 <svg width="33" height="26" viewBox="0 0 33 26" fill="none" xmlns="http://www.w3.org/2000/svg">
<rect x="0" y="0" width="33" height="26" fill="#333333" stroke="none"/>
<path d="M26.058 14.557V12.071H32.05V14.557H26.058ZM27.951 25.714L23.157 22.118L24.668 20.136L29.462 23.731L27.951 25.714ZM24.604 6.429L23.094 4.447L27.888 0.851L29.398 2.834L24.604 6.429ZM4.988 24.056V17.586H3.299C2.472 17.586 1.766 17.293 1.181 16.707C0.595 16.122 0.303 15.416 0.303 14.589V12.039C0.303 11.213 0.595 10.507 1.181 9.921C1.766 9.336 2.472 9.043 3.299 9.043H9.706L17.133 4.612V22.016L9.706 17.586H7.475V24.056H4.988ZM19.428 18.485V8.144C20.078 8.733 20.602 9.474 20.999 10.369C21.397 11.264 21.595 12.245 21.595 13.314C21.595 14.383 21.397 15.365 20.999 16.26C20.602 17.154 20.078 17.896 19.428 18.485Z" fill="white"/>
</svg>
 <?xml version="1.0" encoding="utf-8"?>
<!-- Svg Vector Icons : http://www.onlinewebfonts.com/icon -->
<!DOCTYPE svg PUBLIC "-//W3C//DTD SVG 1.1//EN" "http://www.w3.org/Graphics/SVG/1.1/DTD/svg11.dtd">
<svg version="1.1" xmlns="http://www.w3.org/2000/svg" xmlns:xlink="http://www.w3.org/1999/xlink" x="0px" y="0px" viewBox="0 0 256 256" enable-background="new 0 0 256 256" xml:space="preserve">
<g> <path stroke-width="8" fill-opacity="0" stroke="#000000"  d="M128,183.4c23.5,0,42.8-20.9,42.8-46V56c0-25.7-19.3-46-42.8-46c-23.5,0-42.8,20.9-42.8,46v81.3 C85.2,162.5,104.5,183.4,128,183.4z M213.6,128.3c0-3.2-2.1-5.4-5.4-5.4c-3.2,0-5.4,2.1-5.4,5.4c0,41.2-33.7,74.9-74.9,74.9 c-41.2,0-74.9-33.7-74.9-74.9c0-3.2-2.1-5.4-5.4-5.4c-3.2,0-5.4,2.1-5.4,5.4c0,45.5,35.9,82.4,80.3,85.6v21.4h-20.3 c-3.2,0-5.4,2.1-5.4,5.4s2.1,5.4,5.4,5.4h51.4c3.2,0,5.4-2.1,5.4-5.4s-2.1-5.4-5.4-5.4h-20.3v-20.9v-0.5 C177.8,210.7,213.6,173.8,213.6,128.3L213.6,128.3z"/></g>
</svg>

→ **Exercise goal**:
In the listing above, each line with the word "http" is to be copied out.

→ **Written solution**:
 <svg width="33" height="26" viewBox="0 0 33 26" fill="none" xmlns="http://www.w3.org/2000/svg">
<!-- Svg Vector Icons : http://www.onlinewebfonts.com/icon -->
<!DOCTYPE svg PUBLIC "-//W3C//DTD SVG 1.1//EN" "http://www.w3.org/Graphics/SVG/1.1/DTD/svg11.dtd">
<svg version="1.1" xmlns="http://www.w3.org/2000/svg" xmlns:xlink="http://www.w3.org/1999/xlink" x="0px" y="0px" viewBox="0 0 256 256" enable-background="new 0 0 256 256" xml:space="preserve">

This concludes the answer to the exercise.